In: Statistics and Probability
The Central Limit Theorem
A) Create a distribution with 50 observations of 1, 20 observations of 2, 60 observations of 3, 30 observations of 4, 30 observations of 5, and 90 observations of 6 (Hint: use the rep() command). Plot a histogram of this distribution (Hint: adjust the breaks if necessary).
B) Take 1,000 samples of size 10 from the distribution (with replacement). Calculate the mean for each sample and plot the distribution of these means.
C) Take 1,000 samples of size 30 from the distribution (with replacement). Calculate the mean for each sample and plot.

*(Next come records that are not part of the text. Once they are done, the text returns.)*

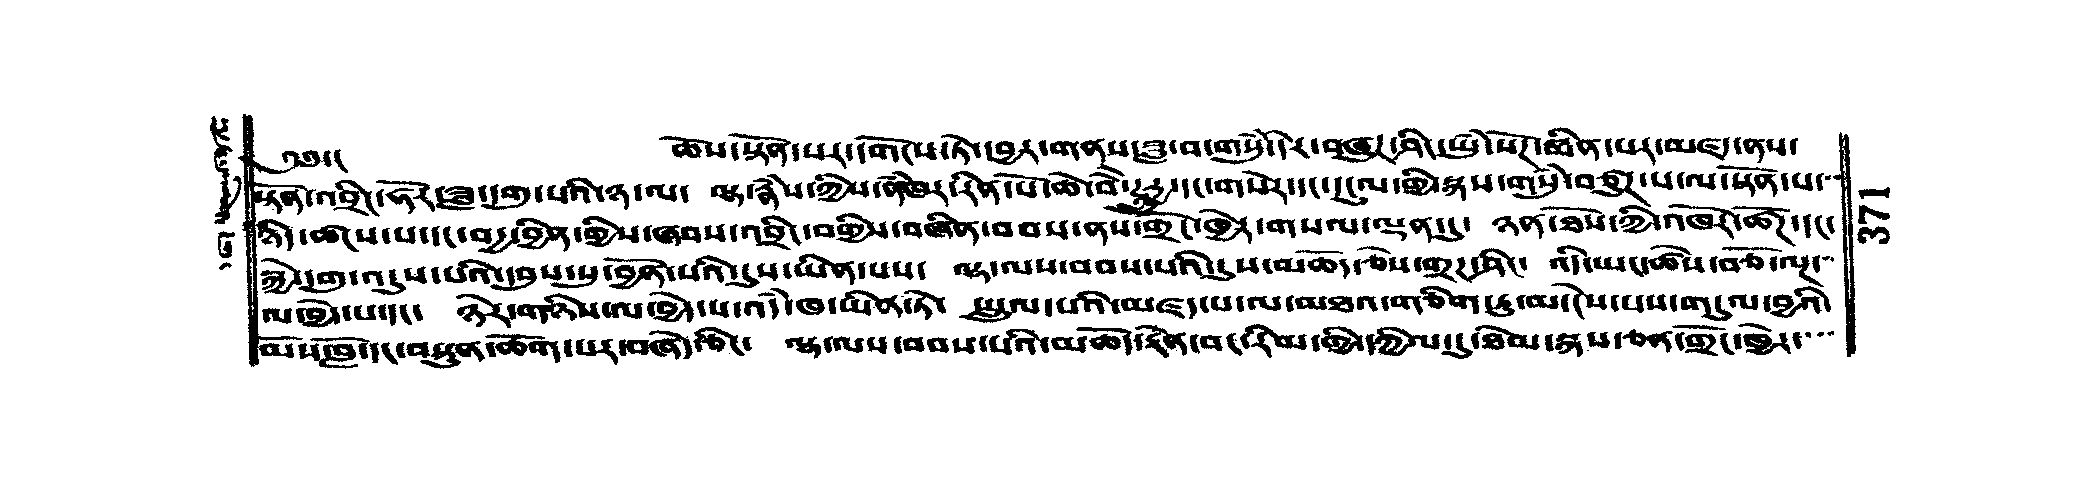ཆོས་སྟོན་པར་དགོངས་ཏེ་དབྱར་གནས་ཟླ་བ་གསུམ་དེར་བཞུགས་ཤིང་ཡུམ་སོགས་སྨིན་པར་མཛད་ནས་
སྟོན་འབྲིང་ཧོར་ཟླ་དགུ་པའི་ཉ་ལ། ལྷ་རྣམས་ཀྱིས་ནམ་མཁར་རིན་པོ་ཆེ་བཻ་ཌཱུརྻ་དང་གསེར་དང་དངུལ་གྱི་སྐས་གསུམ་བཙུགས་པ་ལ་སྟོན་པ་
ཉིད་ཚངས་པ་དང་བརྒྱ་བྱིན་གྱིས་ཞབས་འབྲིང་བགྱིས་བཞིན་བབས་ནས་གྲོང་ཁྱེར་གསལ་ལྡན་དུ། ཉན་ཐོས་ཀྱི་འཁོར་ཚོགས་དང་
སྐྱེ་དགུ་འདུས་པའི་དབུས་སུ་བྱོན་པའི་དུས་ཡིན་པས། ལྷ་ལས་བབས་པའི་དུས་མཆོད་ཅེས་གྲགས་ཤིང་། འདི་ཡང་ཚེས་བཅོ་ལྔ་
ལ་བྱེད་པ་དང་། ཉེར་གཉིས་ལ་བྱེད་པ་འདམ་ཁ་ཡིན་པས། སྤྲུལ་པའི་མཛད་པ་ལ་མཐའ་གཅིག་ཏུ་མ་ངེས་པས་གདུལ་བྱའི་
མོས་བློ་དང་བསྟུན་ཆོག་པར་བཞེད་ཅིང་། ལྷ་ལས་བབས་པའི་མཆོད་རྟེན་བང་རིམ་གྱི་དཀྱིལ་དུ་ཐེམ་སྐས་ཅན་གྲོང་ཁྱེར་

D) Compare the mean and standard deviation of the sampling distribution in (B) and (C) to the true mean of wacky distribution. Discuss how the change in sample size affects the sampling distribution of the sample mean.
The R code is pasted below.
# QUESTION A
x=c(rep(1,50),rep(2,20),rep(3,60),rep(4,30),rep(5,30),rep(6,90))

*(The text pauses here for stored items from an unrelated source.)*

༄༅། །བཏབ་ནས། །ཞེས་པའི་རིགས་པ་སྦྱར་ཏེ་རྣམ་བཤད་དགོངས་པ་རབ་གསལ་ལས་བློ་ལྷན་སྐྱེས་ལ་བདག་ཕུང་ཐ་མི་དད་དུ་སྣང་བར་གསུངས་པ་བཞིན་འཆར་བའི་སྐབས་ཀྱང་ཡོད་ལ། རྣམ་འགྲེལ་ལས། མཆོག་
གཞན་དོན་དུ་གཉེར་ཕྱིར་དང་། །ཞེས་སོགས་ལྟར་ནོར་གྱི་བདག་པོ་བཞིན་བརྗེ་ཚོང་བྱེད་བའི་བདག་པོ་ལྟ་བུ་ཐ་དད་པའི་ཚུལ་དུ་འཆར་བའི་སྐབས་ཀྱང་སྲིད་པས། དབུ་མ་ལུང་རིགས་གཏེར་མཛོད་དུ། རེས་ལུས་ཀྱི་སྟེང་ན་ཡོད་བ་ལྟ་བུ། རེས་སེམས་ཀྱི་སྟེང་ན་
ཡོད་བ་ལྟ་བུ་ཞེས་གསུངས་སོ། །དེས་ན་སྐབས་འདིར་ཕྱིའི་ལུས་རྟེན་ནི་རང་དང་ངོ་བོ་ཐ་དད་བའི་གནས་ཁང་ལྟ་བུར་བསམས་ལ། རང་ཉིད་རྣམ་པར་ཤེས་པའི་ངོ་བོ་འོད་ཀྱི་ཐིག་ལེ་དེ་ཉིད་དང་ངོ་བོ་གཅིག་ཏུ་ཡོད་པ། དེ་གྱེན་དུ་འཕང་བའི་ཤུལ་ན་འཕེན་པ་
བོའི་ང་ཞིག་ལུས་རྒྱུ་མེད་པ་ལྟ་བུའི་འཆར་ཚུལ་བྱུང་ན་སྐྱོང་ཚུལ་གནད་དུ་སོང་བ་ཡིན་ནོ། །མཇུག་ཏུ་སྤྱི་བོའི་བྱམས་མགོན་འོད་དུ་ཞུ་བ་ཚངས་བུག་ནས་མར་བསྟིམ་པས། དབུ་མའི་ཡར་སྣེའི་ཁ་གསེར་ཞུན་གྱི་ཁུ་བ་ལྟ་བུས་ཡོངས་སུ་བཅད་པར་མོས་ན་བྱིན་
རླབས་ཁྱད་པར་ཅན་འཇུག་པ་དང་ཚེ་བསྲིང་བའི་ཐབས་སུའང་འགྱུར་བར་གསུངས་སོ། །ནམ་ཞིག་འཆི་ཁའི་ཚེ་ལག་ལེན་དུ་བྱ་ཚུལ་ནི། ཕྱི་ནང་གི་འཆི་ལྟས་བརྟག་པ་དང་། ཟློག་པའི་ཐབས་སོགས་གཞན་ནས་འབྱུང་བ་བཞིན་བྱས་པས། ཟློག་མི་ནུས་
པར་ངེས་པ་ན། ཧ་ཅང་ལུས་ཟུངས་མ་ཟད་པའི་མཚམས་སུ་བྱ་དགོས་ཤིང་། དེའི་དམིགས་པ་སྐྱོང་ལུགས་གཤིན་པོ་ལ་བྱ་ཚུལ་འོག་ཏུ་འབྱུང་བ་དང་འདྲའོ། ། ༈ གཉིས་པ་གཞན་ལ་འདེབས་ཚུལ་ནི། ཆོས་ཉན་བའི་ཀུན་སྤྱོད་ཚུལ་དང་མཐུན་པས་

hist(x,breaks=c(1,2,3,4,5,6),main = "Histogram
(Ques.A)")
# QUESTION B
sam1 = NULL
for (i in 1:1000)
{
sam1[i] = mean(sample(x,10,replace = T))
}
hist(sam1,main = "Histogram (Ques.B)")
# QUESTION C
sam2 = NULL
for (i in 1:1000)
{
sam2[i] = mean(sample(x,30,replace = T))
}
hist(sam2,main = "Histogram (Ques.C)")
# QUESTION D
mean(sam1)
sd(sam1)
mean(sam2)
sd(sam2)
In Question D, we observe that the means of the sampling
distribution obtained in part (B) and (C) more or less remains the
same, but the standard deviation decreases as we increase the
sample size. As the sampling size increases, the mean of the
sampling distribution becomes more close to the true mean, the
variability of each sampling distribution decreases and the
distribution, if plotted, looks more like a normal
distribution.